Заря была бледная, молочная, нежно-розовая, такого мягкого оттенка, какой еще бывает только у хорошей розовой пудры. Казалось, от этой зари, охватившей половину неба, и пахло какой-то тонкой, освежающей грудь парфюмерией.

И муж и жена стояли среди двора, задрав прямо вверх лица, и во всех направлениях разглядывали алеющее небо. И оба они кривили при этом такие улыбки, как будто, с одной стороны, охотно признавали власть неба над собой, а с другой - прекрасно знали и все его штучки.

- Как будто бы ничего, - проговорила жена и вопросительно посмотрела на мужа.

- После обеда подымется ветер, - хитро подмигнул под очками разгаданному небу Афанасий.

И они вошли обратно в дом.

Груня быстро скипятила жестяной чайник, смахнула ладонью с рабочего стола медные опилки, нарезала ломтями черный хлеб, расставила чайные приборы, окликнула всех, и вся семья, двое мужчин, две женщины, уселись за утренний чай.

Пили чая много. Пили до полного изнеможения, точно выполняли взятую на себя трудную работу. От нестерпимого утомления закрывали глаза, разевали рты, вздыхали, стонали, дико вскрикивали. Мужчины вскоре распоясались, расстегнули вороты рубах, верхние пуговицы брюк, вытирали рукавами ливший с лица и шеи пот. Женщины то-и-дело оттопыривали руками от тела свои платья и обвевали ими, как веерами, взмокшие животы.

Пили без сахару, с разноцветным, похожим на крупные драгоценные каменья, монпансье.

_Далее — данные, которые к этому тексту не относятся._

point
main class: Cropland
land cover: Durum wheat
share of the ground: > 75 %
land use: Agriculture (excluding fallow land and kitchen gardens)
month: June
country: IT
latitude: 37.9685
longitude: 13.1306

В руках мужчин и монпансье, и хлеб, и посуда сильно припахивали желтой самоварной медью. И это ни на секунду не давало им забывать о зажигалках, пили ли они чай, ели ли хлеб, откусывали ли краешек яркого монпансье...

Все зорко следили за каждым, кто брал с блюдечка монпансье, и каждому было до боли жутко протягивать свою руку на середину стола к тому блюдечку, на котором пламенело своими свежими красками монпансье. В поведении каждого было заметно старание подчеркнуть, что он меньше других берет монпансье, жалеет, экономит, понимает.

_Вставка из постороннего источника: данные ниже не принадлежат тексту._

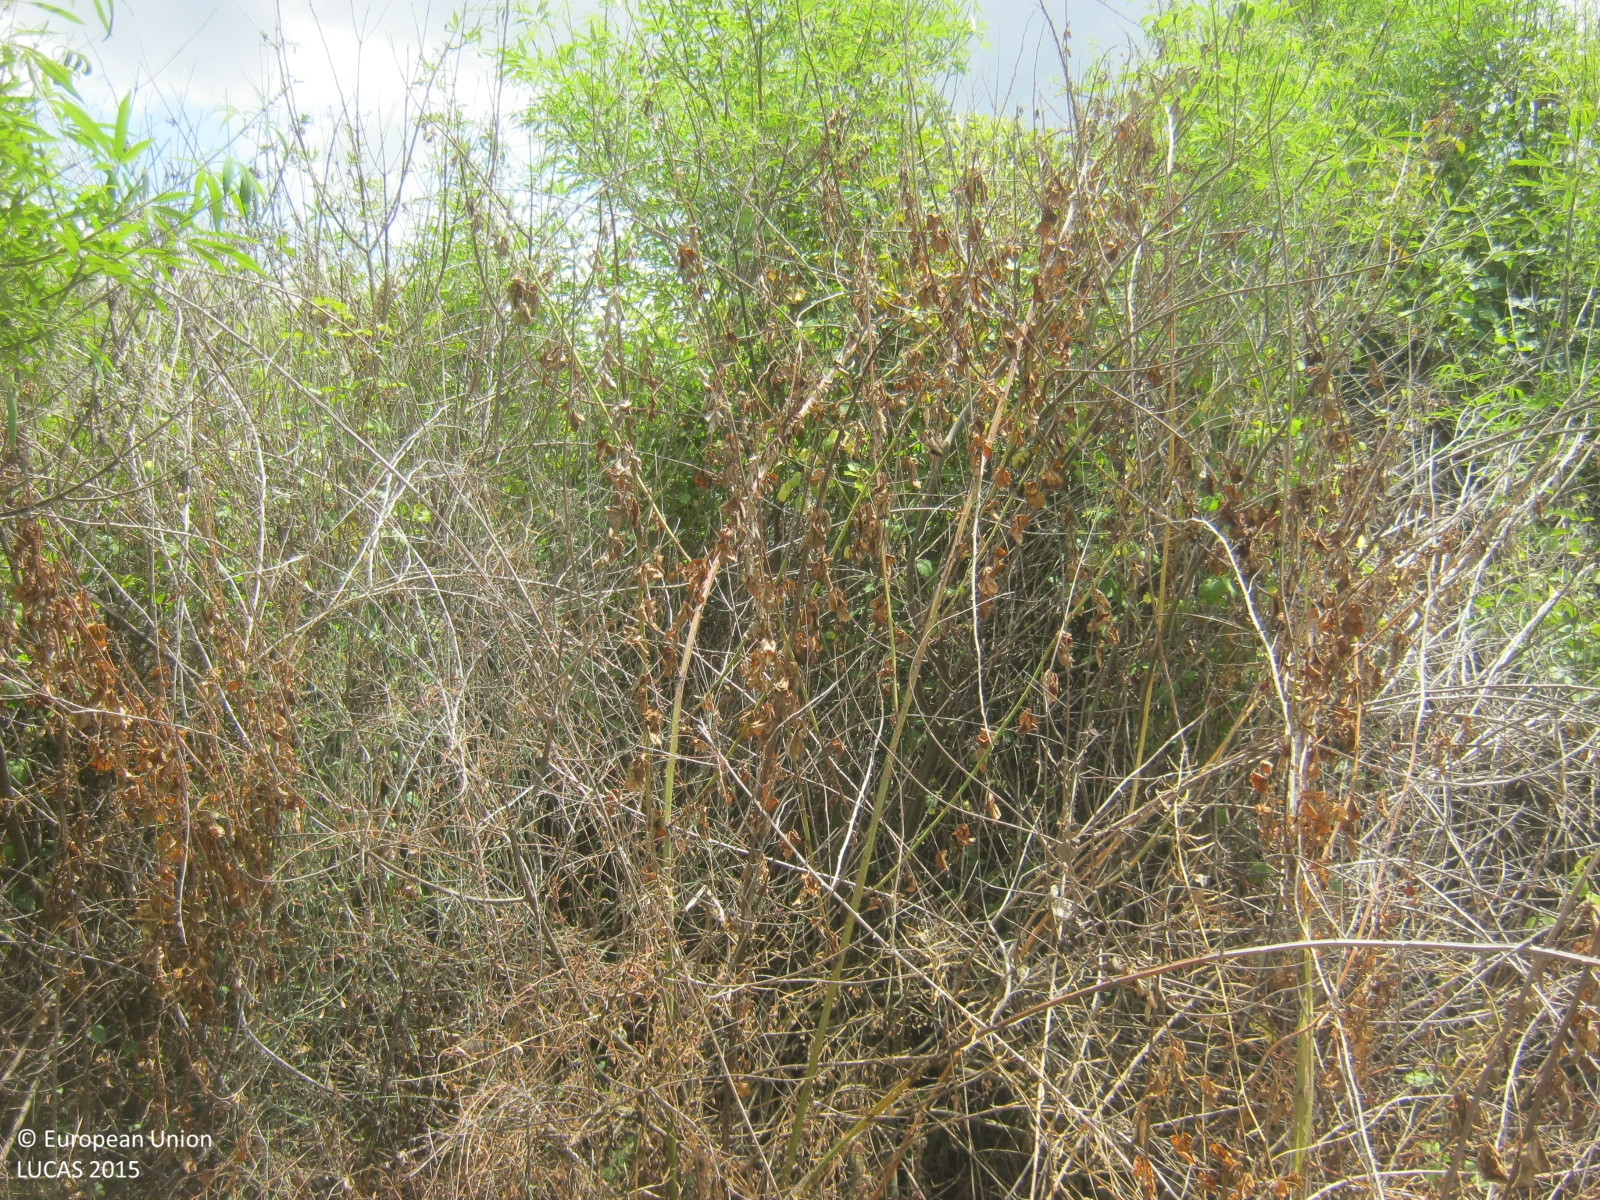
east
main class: Cropland
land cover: Olive groves
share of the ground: 50 - 75 %
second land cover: Grassland without tree/shrub cover
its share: > 75 %
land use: Abandoned areas
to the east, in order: Olive groves; Grassland without tree/shrub cover; Rivers and streams; Artificial constructions; Shrubland with sparse tree cover; Other bare soil; Olive groves; Ditches and canals; Olive groves; Artificial constructions in urban areas; Other bare soil; Tracks; Common wheat
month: June
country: CY
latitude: 35.0452
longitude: 32.8972

Данила звонко откусил передними зубами маленький обломочек страшно-зеленого липкого монпансье, бережно положил остальное возле себя на стол, как игрок в казино кладет возле себя свое золото, потом потянул взасос горяченького из блюдца, фыркнул, усмехнулся и сказал, обводя всех неподвижно-вытаращенными глазами:

- В доме четверо работников, и все взрослые, а чай пьем без сахару, с суррогатами, с вредным сахарином, с раскрашенным лампасе. А на заводе, там по два фунта сахару на месяц получали бы: отец два фунта и я два фунта, всего четыре фунта.

- Знаем, - коротко буркнул Афанасий, погрузил в блюдечко с чаем седые усы и до неузнаваемости наморщился от слишком горячего, сделался как смеющийся старый-престарый китаец. - И яблоки тоже давали, - вынул он из блюдца мокрые, в капельках чая, усы и начал снова наливать на блюдце.

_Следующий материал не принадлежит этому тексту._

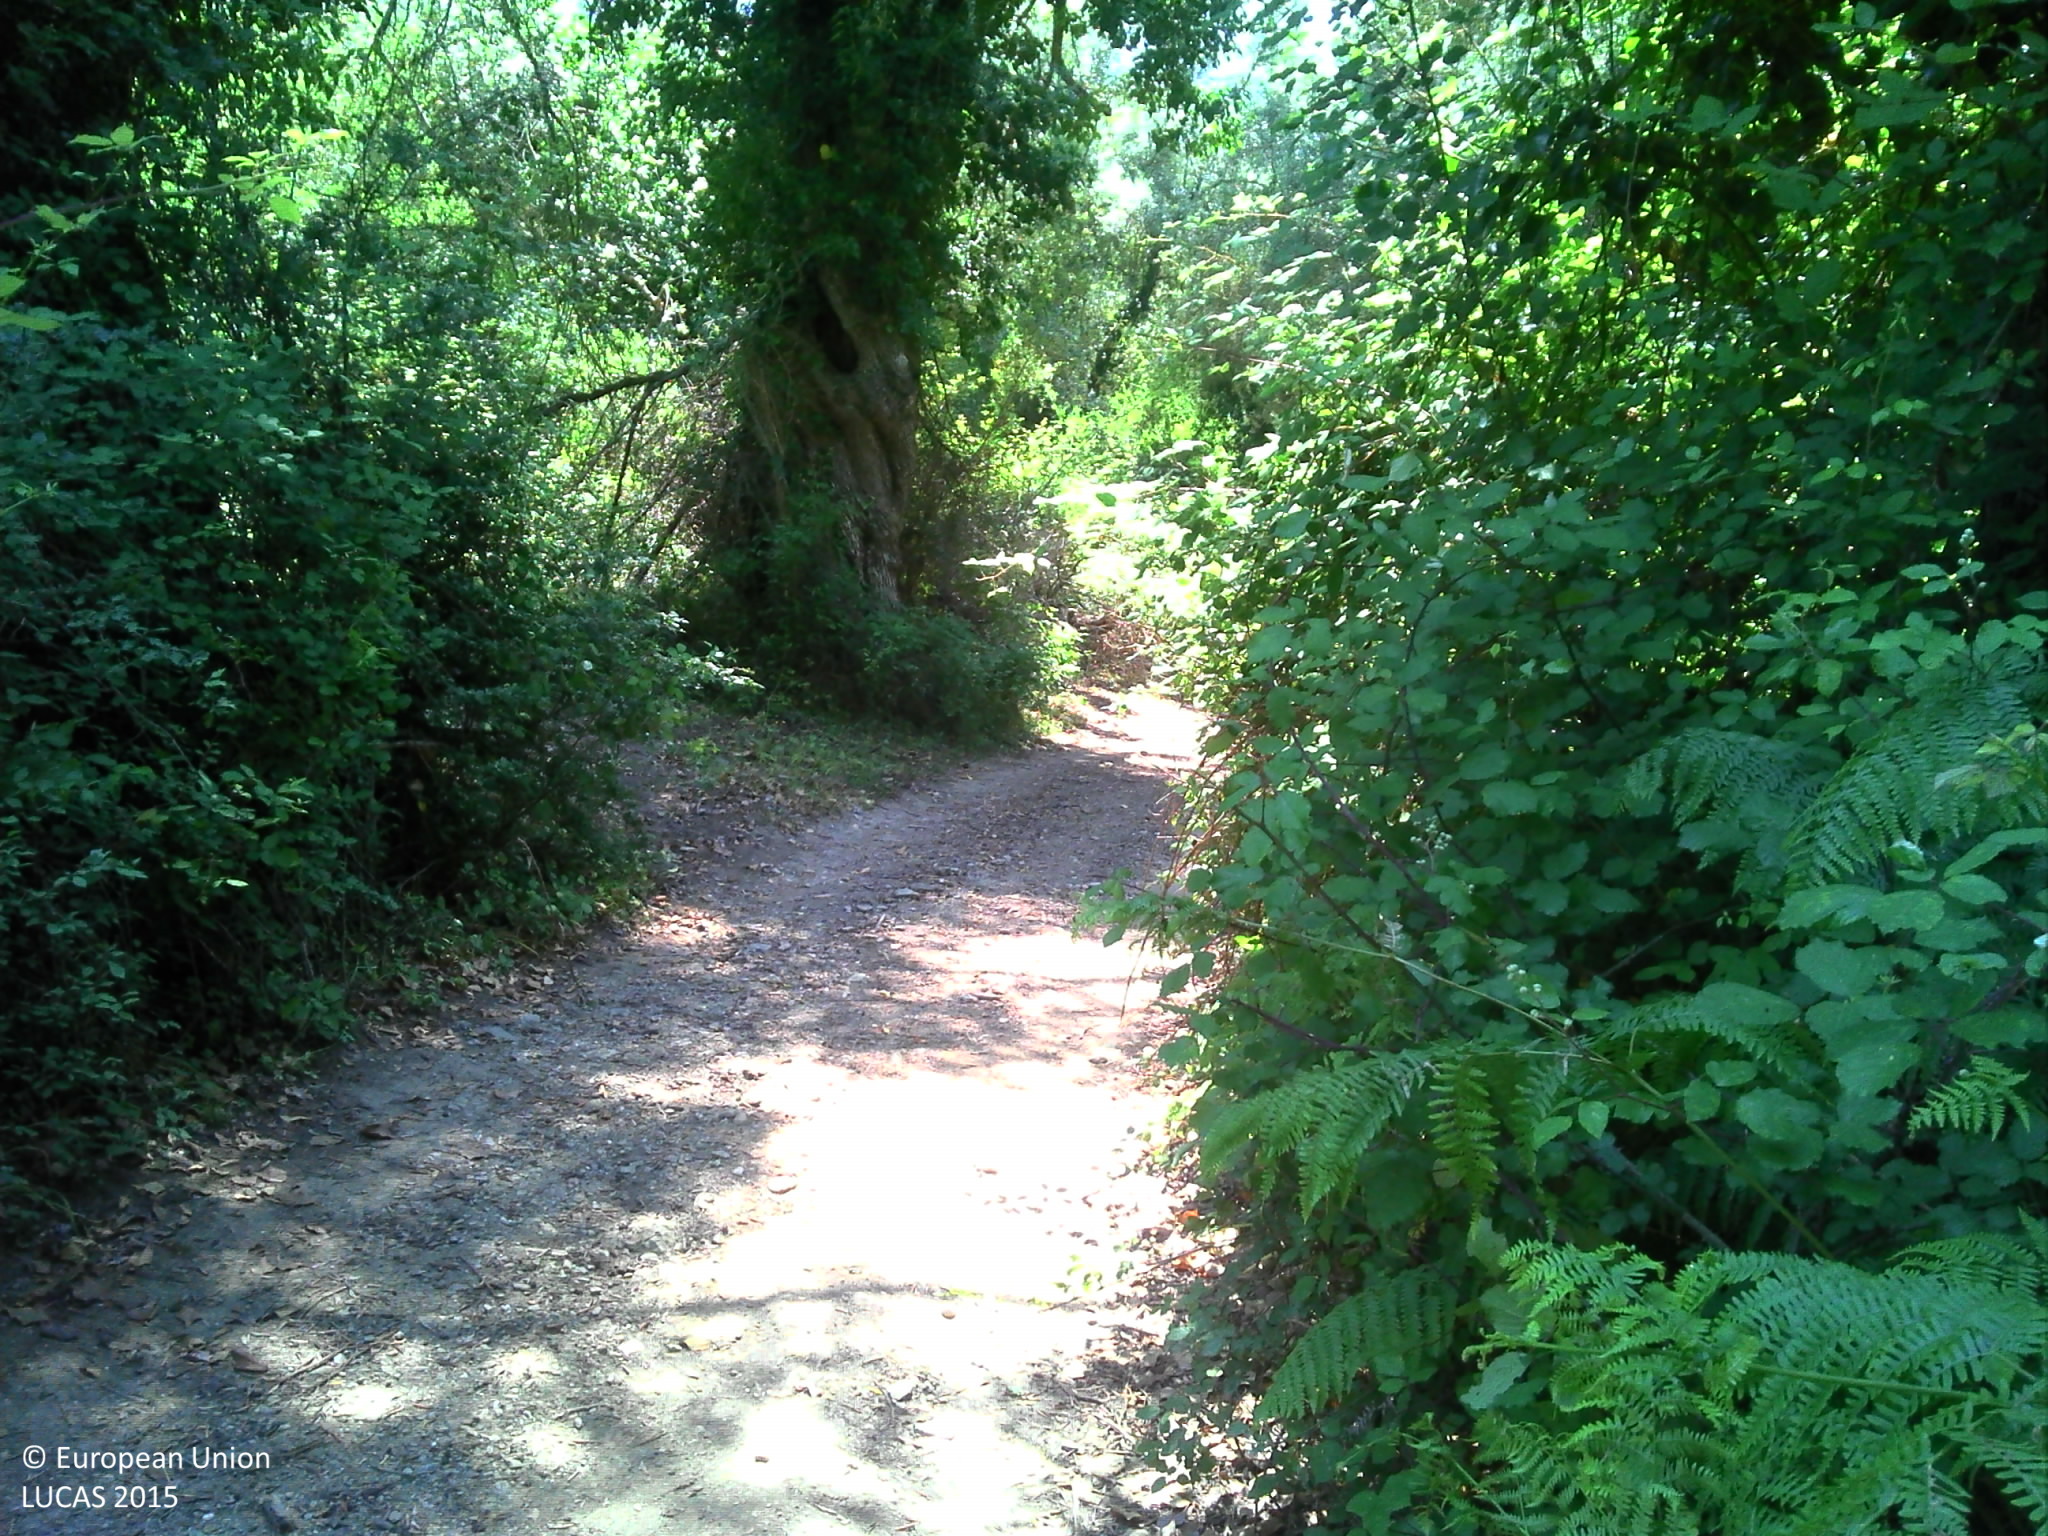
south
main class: Woodland
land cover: Broadleaved woodland
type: broadleaved evergreen forest
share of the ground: > 75 %
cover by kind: broadleaved forest trees 80 %, shrubs 20 %
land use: Forestry
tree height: > 5 m
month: June
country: FR
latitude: 42.5973
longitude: 9.2834

При упоминании об яблоках мать и дочь прыснули. У обеих при этом чай изо рта наполовину выплеснулся на грудь, наполовину через глотку попал в нос, а оттуда на стол.

Марья предусмотрительно вынула пальцами изо рта плоский обсосочек красного монпансье, чтобы как-нибудь нечаянно не проглотить его, потом сказала тоном веселого воспоминания:

- Да, уж те "яблоки"!

Она была некрасивая, замученная, высохшая, костлявая, плоская. И оттого, что один ее глаз сильно косил, она даже тогда, когда смеялась, казалась хитрой, ехидной, злой...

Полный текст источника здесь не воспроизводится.